2. Sprinklr application: The State Government of Kerala started using this application which run by the U.S. firm,Sprinklr “World’s most loved enterprise software company ever”. This application also been criticized on the ground that sensitive personal information is being accessed by an entity which is not based in India. This came forward with a serious issue of Breach of Privacy involving a U.S. based firm. In recent petition challenging the contract between the Sprinklr and State Government of Kerala, The High Court of Kerala has issued an interim order in April 2020, asking the Government to remove identifying particulars or details which are collected for that application with respect to COVID-19 and then share remaining data to Sprinklr. Also inform to all the users of Sprinklr that such data can be shared with Sprinklr or any third party and obtain the consent of such users. Further High Court of Kerala restricted the Sprinklr from committing any act that may result in the breach of confidentiality of data collected under the contract with the State of Government of Kerala and exploiting such data directly or indirectly for commercial use or advertisement or representation to any third party that they have access to data relating to COVID-19 cases. The court also ordered Sprinklr to return all the to the State Government of Kerala after the contract is over and delete the remaining data which in its ownership. As per the news on 23rd of May, 2020 it came forward that it is stated in the Government’s affidavit, Sprinklr has only limited technical access and there is no access to data.

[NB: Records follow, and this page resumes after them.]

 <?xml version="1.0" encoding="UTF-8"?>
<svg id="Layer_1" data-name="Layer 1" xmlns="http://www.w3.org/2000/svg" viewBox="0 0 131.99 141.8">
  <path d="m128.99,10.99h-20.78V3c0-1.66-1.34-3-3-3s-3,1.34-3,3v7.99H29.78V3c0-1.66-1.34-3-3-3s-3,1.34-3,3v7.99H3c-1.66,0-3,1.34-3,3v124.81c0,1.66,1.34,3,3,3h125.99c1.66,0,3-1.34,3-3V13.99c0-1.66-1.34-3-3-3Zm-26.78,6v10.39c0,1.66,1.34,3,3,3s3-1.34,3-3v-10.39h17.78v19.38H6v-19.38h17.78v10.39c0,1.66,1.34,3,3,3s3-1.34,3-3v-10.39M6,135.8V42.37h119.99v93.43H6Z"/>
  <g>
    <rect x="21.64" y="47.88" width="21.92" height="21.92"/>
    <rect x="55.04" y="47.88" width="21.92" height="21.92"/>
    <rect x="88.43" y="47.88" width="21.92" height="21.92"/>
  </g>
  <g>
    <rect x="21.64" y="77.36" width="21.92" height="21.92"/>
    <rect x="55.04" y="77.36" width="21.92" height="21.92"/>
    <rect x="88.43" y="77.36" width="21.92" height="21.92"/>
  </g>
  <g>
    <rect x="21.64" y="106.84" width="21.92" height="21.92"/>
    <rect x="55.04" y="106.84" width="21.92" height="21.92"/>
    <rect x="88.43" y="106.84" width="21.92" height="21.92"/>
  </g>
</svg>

The question of Data Privacy has been raised in pandemic. The current situation of the COVID-19 pandemic is very uncertain and out of the ordinary. Government of India will need to strike the right balance between protection of public interest and maintaining the fundamental right to privacy. While mass monitoring and data processing systems appears to be indispensable weapons in a government’s arsenal against the ongoing pandemic, citizens should exercise cautions to ensure that these systems do not become the new normal. The Health and corporate sector and other stakeholders are taking steps to stop the spread of the virus and information such as data tracking and mass surveillance could prove to be effective in suppressing the spread of COVID-19.
 Section 43-A of The Information Technology Act, 2000.
 Id., Section 72-A.
 Rule 3 of The Information Technology Rules, 2011 (Reasonable Security Practices and Procedures and Sensitive Personal Data and Information).
 The Personal Data Protection Bill, 2019.
 KS Puttaswamy and Anr. V. Union of India and Ors. WRIT PETITION (CIVIL) NO 494 OF 2012.